In its most recent meeting last week the transition board endorsed a local economic action plan, which will act as a road map for how best to use the funding to support those affected. While the ongoing consultation is a matter between the trade unions and the company, we will continue discussions with all parties. We hope a resolution is found that avoids industrial action. The Government will continue to work closely with industry to secure a sustainable and competitive future for the Welsh steel sector.

I am confident of a good future for Port Talbot and the region, with the UK Government progressing the bid by Associated British Ports to the next stage for up to £160 million of funding to support our nascent floating offshore wind industry, and our progress towards establishing the Celtic freeport, backed by £26 million of UK Government funding.

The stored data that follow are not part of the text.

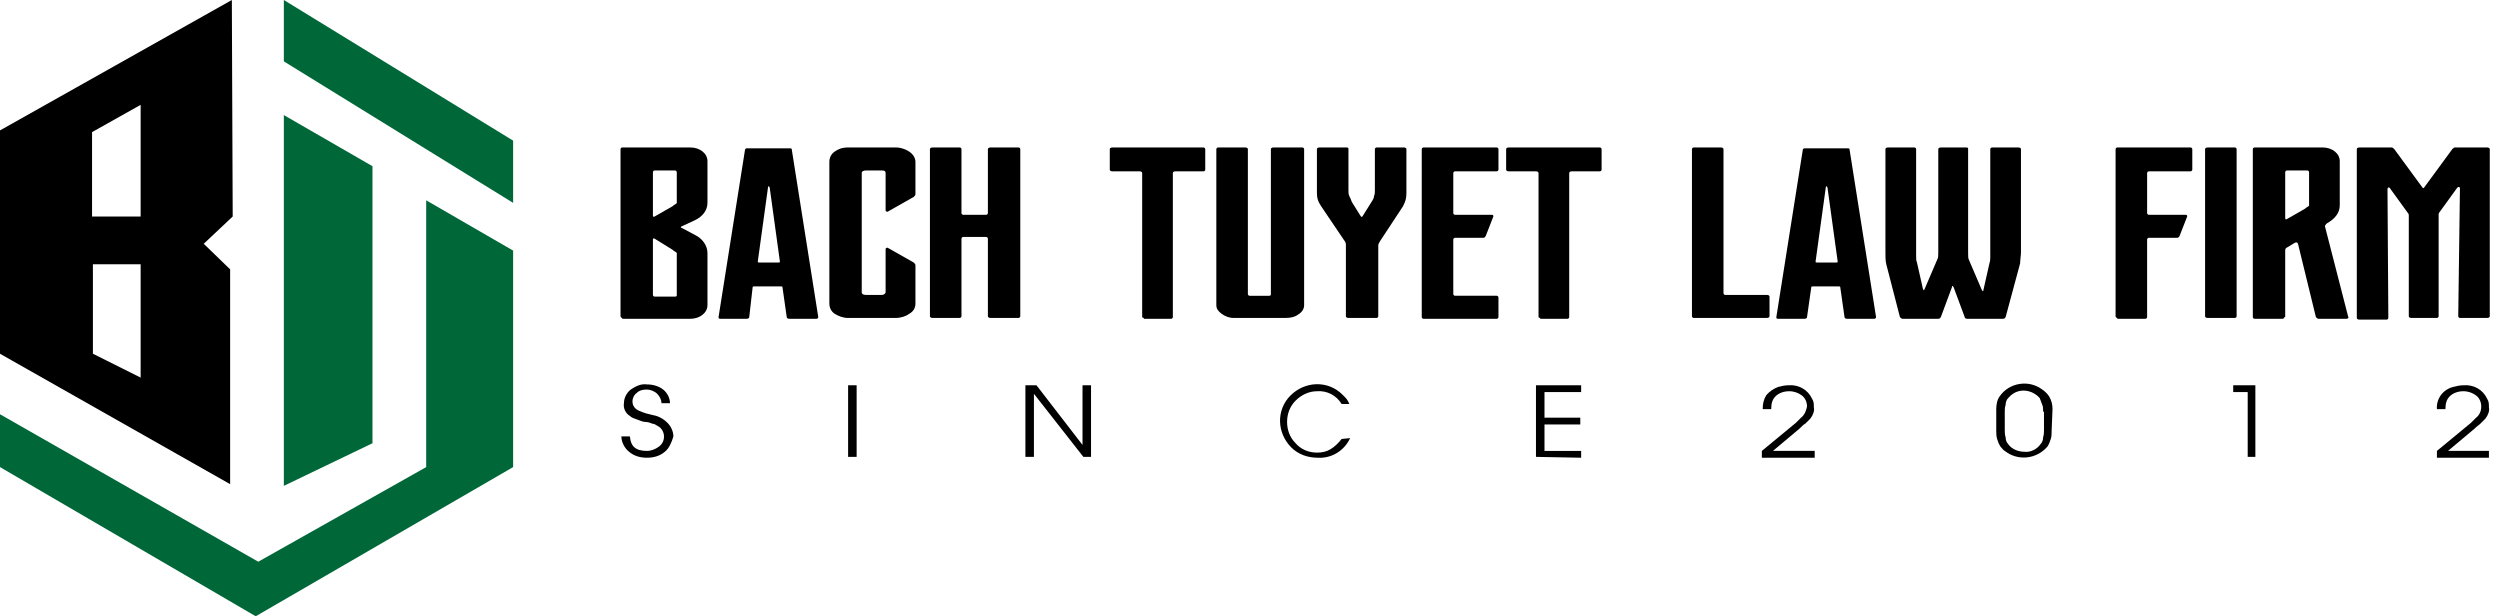 <?xml version="1.0" encoding="utf-8"?>
<!-- Generator: Adobe Illustrator 24.3.0, SVG Export Plug-In . SVG Version: 6.00 Build 0)  -->
<svg version="1.1" id="Layer_1" xmlns="http://www.w3.org/2000/svg" xmlns:xlink="http://www.w3.org/1999/xlink" x="0px" y="0px"
	 viewBox="0 0 293.3 72.3" style="enable-background:new 0 0 293.3 72.3;" xml:space="preserve">
xmlns="http://www.w3.org/2000/svg" width="200" height="200">
    <rect width="100%" height="100%" fill="white" />
<style type="text/css">
	.st0{fill:#006838;}
	.st1{enable-background:new    ;}
</style>
<g id="Layer_2_1_">
	<g id="Layer_1-2">
		<path d="M27.2,0L0,15.3v26.2l27,15.3V31.6l-3.1-3l3.4-3.2L27.2,0z M16.5,44.3l-5.6-2.8V31h5.6V44.3z M16.5,25.4h-5.7v-9.9l5.7-3.2
			V25.4z"/>
		<polygon class="st0" points="33.3,0 33.3,7.2 60.2,23.8 60.2,16.5 		"/>
		<polygon class="st0" points="33.3,13.5 33.3,57 43.7,52 43.7,19.5 		"/>
		<polygon class="st0" points="30.3,65.9 0,48.6 0,54.8 30,72.3 60.2,54.8 60.2,29.4 50,23.5 50,54.8 		"/>
		<g class="st1">
			<path d="M73,37.3c-0.1,0-0.2-0.1-0.2-0.2V17.5c0-0.1,0.1-0.2,0.2-0.2h8c1.1,0,2,0.7,2,1.6v4.9c0,0.9-0.6,1.6-1.4,2l-1.5,0.7
				c-0.3,0.1-0.3,0.2,0,0.3l1.5,0.8c0.8,0.4,1.4,1.2,1.4,2.1v6.1c0,0.9-0.9,1.6-2,1.6H73z M78.9,24.2c0.2-0.2,0.5-0.3,0.5-0.4v-3.6
				c0-0.1-0.1-0.2-0.2-0.2h-2.4c-0.1,0-0.2,0.1-0.2,0.2v5.1c0,0.1,0.1,0.2,0.2,0.1L78.9,24.2z M76.8,28c-0.1-0.1-0.2,0-0.2,0.1v6.5
				c0,0.1,0.1,0.2,0.2,0.2h2.4c0.2,0,0.2-0.1,0.2-0.2v-4.9c0-0.1-0.3-0.2-0.5-0.4L76.8,28z"/>
			<path d="M87.9,37.2c0,0.1-0.1,0.2-0.3,0.2h-3.1c-0.2,0-0.2-0.1-0.2-0.2l3.1-19.6c0-0.1,0.1-0.2,0.2-0.2h5.1
				c0.2,0,0.2,0.1,0.2,0.2l3.1,19.6c0,0.1-0.1,0.2-0.2,0.2h-3.2c-0.2,0-0.3-0.1-0.3-0.2l-0.5-3.5c0-0.1-0.1-0.1-0.2-0.1h-3.1
				c-0.1,0-0.2,0-0.2,0.1L87.9,37.2z M91.3,30.8c0.1,0,0.2,0,0.2-0.1l-1.2-8.7c-0.1-0.2-0.2-0.2-0.2,0l-1.2,8.7
				c0,0.1,0.1,0.1,0.2,0.1H91.3z"/>
			<path d="M107.4,35.6c0,0.5-0.2,0.9-0.7,1.2c-0.4,0.3-1,0.5-1.6,0.5h-5.6c-0.6,0-1.1-0.2-1.6-0.5c-0.4-0.3-0.6-0.7-0.6-1.2V19
				c0-0.5,0.2-0.9,0.6-1.2s0.9-0.5,1.6-0.5h5.6c0.6,0,1.1,0.2,1.6,0.5c0.4,0.3,0.7,0.7,0.7,1.2v3.8c0,0.1-0.1,0.2-0.2,0.3l-3,1.7
				c-0.1,0.1-0.3,0-0.3-0.1v-4.4c0-0.2-0.1-0.3-0.4-0.3h-1.9c-0.3,0-0.5,0.1-0.5,0.3v14c0,0.2,0.2,0.3,0.5,0.3h1.9
				c0.2,0,0.4-0.2,0.4-0.3v-5.1c0-0.1,0.2-0.2,0.3-0.1l3,1.7c0.1,0.1,0.2,0.2,0.2,0.3V35.6z"/>
			<path d="M112.8,25c0,0.1,0.1,0.2,0.2,0.2h2.7c0.1,0,0.2-0.1,0.2-0.2v-7.5c0-0.1,0.1-0.2,0.3-0.2h3.3c0.1,0,0.2,0.1,0.2,0.2v19.6
				c0,0.1-0.1,0.2-0.2,0.2h-3.3c-0.2,0-0.3-0.1-0.3-0.2v-9.1c0-0.1-0.1-0.2-0.2-0.2H113c-0.1,0-0.2,0.1-0.2,0.2v9.1
				c0,0.1-0.1,0.2-0.2,0.2h-3.2c-0.2,0-0.3-0.1-0.3-0.2V17.5c0-0.1,0.1-0.2,0.3-0.2h3.2c0.1,0,0.2,0.1,0.2,0.2V25z"/>
			<path d="M134.2,37.3c-0.2,0-0.2-0.1-0.2-0.2V20.3c0-0.1-0.1-0.2-0.3-0.2h-3.2c-0.2,0-0.3-0.1-0.3-0.2v-2.4c0-0.1,0.1-0.2,0.3-0.2
				h10.7c0.1,0,0.2,0.1,0.2,0.2v2.4c0,0.1-0.1,0.2-0.2,0.2h-3.3c-0.2,0-0.3,0.1-0.3,0.2v16.9c0,0.1-0.1,0.2-0.2,0.2H134.2z"/>
			<path d="M152.8,17.3c0.1,0,0.2,0.1,0.2,0.2v18.3c0,0.4-0.2,0.8-0.7,1.1c-0.4,0.3-0.9,0.4-1.5,0.4h-6.1c-0.5,0-1-0.2-1.4-0.5
				c-0.4-0.3-0.6-0.6-0.6-1V17.5c0-0.1,0.1-0.2,0.2-0.2h3.2c0.2,0,0.3,0.1,0.3,0.2v17c0,0.1,0.1,0.2,0.2,0.2h2.3
				c0.2,0,0.2-0.1,0.2-0.2v-17c0-0.1,0.1-0.2,0.3-0.2H152.8z"/>
			<path d="M158.2,37.3c-0.2,0-0.3-0.1-0.3-0.2v-8.4c0-0.2-0.1-0.4-0.2-0.5l-2.7-4c-0.4-0.6-0.5-1-0.5-1.6v-5.1
				c0-0.1,0.1-0.2,0.3-0.2h3.2c0.2,0,0.2,0.1,0.2,0.2v4.8c0,0.3,0,0.5,0.1,0.7c0.1,0.2,0.2,0.4,0.3,0.7l1,1.6c0.1,0.2,0.2,0.2,0.3,0
				l1-1.6c0.2-0.3,0.3-0.5,0.3-0.7c0.1-0.2,0.1-0.4,0.1-0.7v-4.8c0-0.1,0.1-0.2,0.2-0.2h3.2c0.2,0,0.3,0.1,0.3,0.2v5.1
				c0,0.7-0.1,1-0.4,1.6l-2.7,4.1c-0.1,0.2-0.2,0.3-0.2,0.5v8.3c0,0.1-0.1,0.2-0.2,0.2H158.2z"/>
			<path d="M175.6,17.3c0.1,0,0.2,0.1,0.2,0.2v2.4c0,0.1-0.1,0.2-0.2,0.2h-4.9c-0.1,0-0.2,0.1-0.2,0.2V25c0,0.1,0.1,0.2,0.2,0.2h4.3
				c0.2,0,0.2,0.1,0.2,0.2l-0.9,2.3c-0.1,0.1-0.1,0.2-0.3,0.2h-3.3c-0.1,0-0.2,0.1-0.2,0.2v6.4c0,0.1,0.1,0.2,0.2,0.2h4.9
				c0.1,0,0.2,0.1,0.2,0.2v2.3c0,0.1-0.1,0.2-0.2,0.2h-8.6c-0.1,0-0.2-0.1-0.2-0.2V17.5c0-0.1,0.1-0.2,0.2-0.2H175.6z"/>
			<path d="M180.7,37.3c-0.2,0-0.2-0.1-0.2-0.2V20.3c0-0.1-0.1-0.2-0.3-0.2H177c-0.2,0-0.3-0.1-0.3-0.2v-2.4c0-0.1,0.1-0.2,0.3-0.2
				h10.7c0.1,0,0.2,0.1,0.2,0.2v2.4c0,0.1-0.1,0.2-0.2,0.2h-3.3c-0.2,0-0.3,0.1-0.3,0.2v16.9c0,0.1-0.1,0.2-0.2,0.2H180.7z"/>
			<path d="M207.3,34.6c0.2,0,0.3,0.1,0.3,0.2v2.3c0,0.1-0.1,0.2-0.3,0.2h-8.6c-0.1,0-0.2-0.1-0.2-0.2V17.5c0-0.1,0.1-0.2,0.2-0.2
				h3.2c0.2,0,0.3,0.1,0.3,0.2v16.9c0,0.1,0.1,0.2,0.2,0.2H207.3z"/>
		</g>
		<g class="st1">
			<path d="M212,37.2c0,0.1-0.1,0.2-0.3,0.2h-3.1c-0.2,0-0.2-0.1-0.2-0.2l3.1-19.6c0-0.1,0.1-0.2,0.2-0.2h5.1c0.2,0,0.2,0.1,0.2,0.2
				l3.1,19.6c0,0.1-0.1,0.2-0.2,0.2h-3.2c-0.2,0-0.3-0.1-0.3-0.2l-0.5-3.5c0-0.1-0.1-0.1-0.2-0.1h-3c-0.1,0-0.2,0-0.2,0.1L212,37.2z
				 M215.4,30.8c0.1,0,0.2,0,0.2-0.1l-1.2-8.7c-0.1-0.2-0.2-0.2-0.2,0l-1.2,8.7c0,0.1,0.1,0.1,0.2,0.1H215.4z"/>
		</g>
		<g class="st1">
			<path d="M235.3,37.2c-0.1,0.1-0.1,0.2-0.3,0.2h-4.2c-0.2,0-0.3-0.1-0.3-0.2l-1.3-3.5c-0.1-0.2-0.2-0.2-0.2,0l-1.3,3.5
				c-0.1,0.1-0.1,0.2-0.3,0.2h-4.2c-0.1,0-0.2-0.1-0.3-0.2l-1.6-6.2c-0.1-0.4-0.1-0.9-0.1-1.3V17.5c0-0.1,0.1-0.2,0.3-0.2h3.1
				c0.1,0,0.2,0.1,0.2,0.2V30c0,0.3,0,0.6,0.1,0.8l0.7,3.1c0.1,0.2,0.1,0.2,0.2,0l1.5-3.5c0.1-0.2,0.1-0.4,0.1-0.8V17.5
				c0-0.1,0.1-0.2,0.3-0.2h3c0.2,0,0.2,0.1,0.2,0.2v12.2c0,0.4,0,0.6,0.1,0.8l1.5,3.5c0.1,0.2,0.2,0.2,0.2,0l0.7-3.1
				c0.1-0.3,0.1-0.5,0.1-0.8V17.5c0-0.1,0.1-0.2,0.2-0.2h3.1c0.2,0,0.3,0.1,0.3,0.2v12.1c0,0.4-0.1,0.9-0.1,1.3L235.3,37.2z"/>
			<path d="M248.4,37.3c-0.1,0-0.2-0.1-0.2-0.2V17.5c0-0.1,0.1-0.2,0.2-0.2h8.6c0.1,0,0.2,0.1,0.2,0.2v2.4c0,0.1-0.1,0.2-0.2,0.2
				h-4.9c-0.1,0-0.2,0.1-0.2,0.2V25c0,0.1,0.1,0.2,0.2,0.2h4.3c0.2,0,0.2,0.1,0.2,0.2l-0.9,2.3c-0.1,0.1-0.1,0.2-0.3,0.2h-3.3
				c-0.1,0-0.2,0.1-0.2,0.2v9.1c0,0.1-0.1,0.2-0.2,0.2H248.4z"/>
			<path d="M259,37.3c-0.2,0-0.3-0.1-0.3-0.2V17.5c0-0.1,0.1-0.2,0.3-0.2h3.2c0.1,0,0.2,0.1,0.2,0.2v19.6c0,0.1-0.1,0.2-0.2,0.2H259
				z"/>
			<path d="M268,37.2c0,0.1-0.1,0.2-0.2,0.2h-3.3c-0.1,0-0.2-0.1-0.2-0.2V17.5c0-0.1,0.1-0.2,0.2-0.2h8c1.1,0,2,0.7,2,1.6v5.2
				c0,0.9-0.6,1.6-1.5,2.1c-0.2,0.2-0.3,0.3-0.2,0.5l2.7,10.5c0.1,0.1-0.1,0.2-0.2,0.2h-3.3c-0.1,0-0.2-0.1-0.3-0.2l-2.1-8.6
				c-0.1-0.2-0.2-0.2-0.4-0.1l-1,0.6c-0.1,0.1-0.1,0.3-0.1,0.3V37.2z M270.4,24.5c0.2-0.2,0.5-0.3,0.5-0.4v-3.9
				c0-0.1-0.1-0.2-0.2-0.2h-2.4c-0.1,0-0.2,0.1-0.2,0.2v5.4c0,0.1,0.1,0.2,0.2,0.1L270.4,24.5z"/>
			<path d="M288.6,22.1c0-0.2-0.2-0.2-0.3-0.1l-2.1,2.9c-0.1,0.1-0.1,0.2-0.1,0.3v11.9c0,0.1-0.1,0.2-0.2,0.2h-3
				c-0.2,0-0.3-0.1-0.3-0.2V25.3c0-0.1,0-0.2-0.1-0.3l-2.1-2.9c-0.1-0.2-0.3-0.1-0.3,0.1l0.1,15.1c0,0.1-0.1,0.2-0.2,0.2h-3.2
				c-0.2,0-0.3-0.1-0.3-0.2V17.5c0-0.1,0.1-0.2,0.3-0.2h3.8c0.1,0,0.2,0.1,0.3,0.2l3.3,4.5c0.1,0.1,0.1,0.1,0.2,0l3.3-4.5
				c0.1-0.1,0.2-0.2,0.3-0.2h3.8c0.2,0,0.3,0.1,0.3,0.2v19.6c0,0.1-0.1,0.2-0.3,0.2h-3.2c-0.1,0-0.2-0.1-0.2-0.2L288.6,22.1z"/>
		</g>
		<path d="M78,53c-0.6,0.5-1.3,0.7-2.1,0.7c-0.8,0-1.5-0.2-2.1-0.7c-0.5-0.4-0.9-1.1-0.9-1.8h1c0.1,1.2,0.7,1.7,2,1.7
			c0.5,0,1-0.2,1.4-0.5c0.4-0.3,0.6-0.7,0.6-1.2c0-0.5-0.3-1-0.7-1.2c-0.2-0.1-0.4-0.3-0.7-0.3c-0.2-0.1-0.5-0.2-0.8-0.2
			s-0.7-0.2-1-0.3c-0.3-0.1-0.6-0.2-0.8-0.4c-0.5-0.3-0.8-0.9-0.7-1.5c0-0.6,0.3-1.2,0.8-1.6c0.6-0.4,1.2-0.7,1.9-0.6
			c0.7,0,1.4,0.2,1.9,0.6c0.5,0.4,0.8,1,0.8,1.6h-1c0-0.4-0.2-0.8-0.5-1.1c-0.3-0.3-0.8-0.5-1.2-0.5c-0.5,0-0.9,0.1-1.2,0.4
			c-0.3,0.2-0.5,0.6-0.5,1c0,0.5,0.3,0.9,0.8,1.1c0.2,0.1,0.5,0.2,0.8,0.3l0.8,0.2c0.6,0.1,1.2,0.4,1.7,0.9c0.4,0.4,0.7,1,0.7,1.6
			C78.8,51.9,78.5,52.6,78,53z"/>
		<path d="M99.5,53.6v-8.4h1v8.4H99.5z"/>
		<path d="M127.1,53.6l-5.8-7.4l0,0v7.4h-1v-8.4h1.3l5.4,7l0,0v-7h1v8.4H127.1z"/>
		<path d="M158.4,51.4c-0.7,1.5-2.2,2.4-3.8,2.3c-1.2,0-2.3-0.4-3.1-1.2c-1.7-1.7-1.8-4.4-0.1-6.1c1.7-1.7,4.4-1.8,6.1-0.1
			c0.1,0.1,0.2,0.2,0.3,0.3c0.2,0.2,0.4,0.5,0.5,0.8h-0.9c-0.6-1-1.7-1.6-2.9-1.5c-0.9,0-1.8,0.4-2.5,1.1c-0.7,0.7-1,1.6-1,2.5
			c0,0.9,0.3,1.8,1,2.5c0.6,0.7,1.5,1.1,2.5,1.1c0.6,0,1.1-0.1,1.6-0.4c0.5-0.3,0.9-0.7,1.3-1.2L158.4,51.4z"/>
		<path d="M180.2,53.6v-8.4h5.3V46h-4.3v3h4.2v0.8h-4.2v3.1h4.3v0.8L180.2,53.6z"/>
		<path d="M212.4,49.1c-0.2,0.2-0.4,0.4-0.6,0.6c-0.2,0.1-0.4,0.3-0.7,0.6l-3.1,2.6h4.9v0.8h-6.2v-0.8l4-3.3
			c0.2-0.2,0.4-0.4,0.6-0.6c0.4-0.3,0.6-0.8,0.7-1.3c0-0.5-0.2-1-0.6-1.3c-0.4-0.3-0.9-0.5-1.5-0.5c-0.6,0-1.2,0.2-1.6,0.6
			c-0.4,0.4-0.5,0.9-0.5,1.5h-1l0,0c0-0.6,0.1-1.1,0.4-1.6c0.4-0.5,0.9-0.8,1.4-1c0.4-0.1,0.8-0.2,1.2-0.2c1.2-0.1,2.3,0.5,2.8,1.6
			c0.2,0.3,0.2,0.6,0.2,1C212.9,48.2,212.7,48.7,212.4,49.1z"/>
		<path d="M240.7,50.5c0,0.3,0,0.7-0.1,1c-0.1,0.3-0.2,0.6-0.4,0.9c-1.3,1.5-3.5,1.7-5,0.5c-0.2-0.1-0.3-0.3-0.5-0.5
			c-0.2-0.3-0.3-0.6-0.4-0.9c-0.1-0.3-0.1-0.7-0.1-1v-2.5c0-0.5,0.1-1.1,0.4-1.5c1.1-1.6,3.4-2,5-0.8c0.3,0.2,0.6,0.5,0.8,0.8
			c0.3,0.5,0.4,1,0.4,1.5L240.7,50.5z M239.7,48.3c0-0.3,0-0.6-0.1-0.8c-0.1-0.3-0.2-0.5-0.3-0.8c-0.9-1-2.4-1.2-3.4-0.3
			c-0.1,0.1-0.2,0.2-0.3,0.3c-0.2,0.2-0.3,0.5-0.3,0.8c-0.1,0.3-0.1,0.5-0.1,0.8v2.1c0,0.3,0,0.6,0.1,0.9c0,0.3,0.1,0.6,0.3,0.8
			c0.4,0.6,1.2,0.9,1.9,0.9c0.7,0.1,1.5-0.3,1.9-0.9c0.2-0.2,0.3-0.5,0.3-0.8c0.1-0.3,0.1-0.6,0.1-0.9V48.3z"/>
		<path d="M263.7,53.6V46H262v-0.8h2.6v8.4L263.7,53.6z"/>
		<path d="M291.6,49.1c-0.2,0.2-0.4,0.4-0.6,0.6c-0.2,0.2-0.4,0.3-0.7,0.6l-3.1,2.6h4.8v0.8h-6.1v-0.8l4-3.3
			c0.2-0.2,0.4-0.4,0.6-0.6c0.4-0.3,0.6-0.8,0.6-1.3c0-0.5-0.2-1-0.6-1.3c-0.4-0.3-0.9-0.5-1.5-0.5c-0.6,0-1.2,0.2-1.6,0.6
			c-0.4,0.4-0.5,0.9-0.5,1.5h-1l0,0c-0.1-1.2,0.7-2.3,1.9-2.6c0.4-0.1,0.8-0.2,1.2-0.2c1.2-0.1,2.3,0.5,2.8,1.6
			c0.2,0.3,0.2,0.6,0.2,1C292.1,48.2,291.9,48.7,291.6,49.1z"/>
	</g>
</g>
</svg>

Photo of Jo Stevens Jo Stevens Shadow Secretary of State for Wales

Last Thursday’s news was a gut punch for workers in Port Talbot, with economic consequences that could reverberate across south Wales for decades. Last month, I met workers at the plant. The sense of the threat to nearly 3,000 people’s livelihoods was all-consuming. The wider supply chain in Llanwern, Shotton and Trostre is vulnerable, too. We again urge Tata not to make any irreversible decisions before a general election.

My hon. Friends the Members for Aberavon (Stephen Kinnock), for Newport East (Jessica Morden), for Newport West (Ruth Jones) and for Llanelli (Dame Nia Griffith) have been proud vocal advocates for their constituents. In contrast, the Government have forked out £500 million of taxpayers’ cash for the loss of 3,000 jobs. That is their deal and they own it.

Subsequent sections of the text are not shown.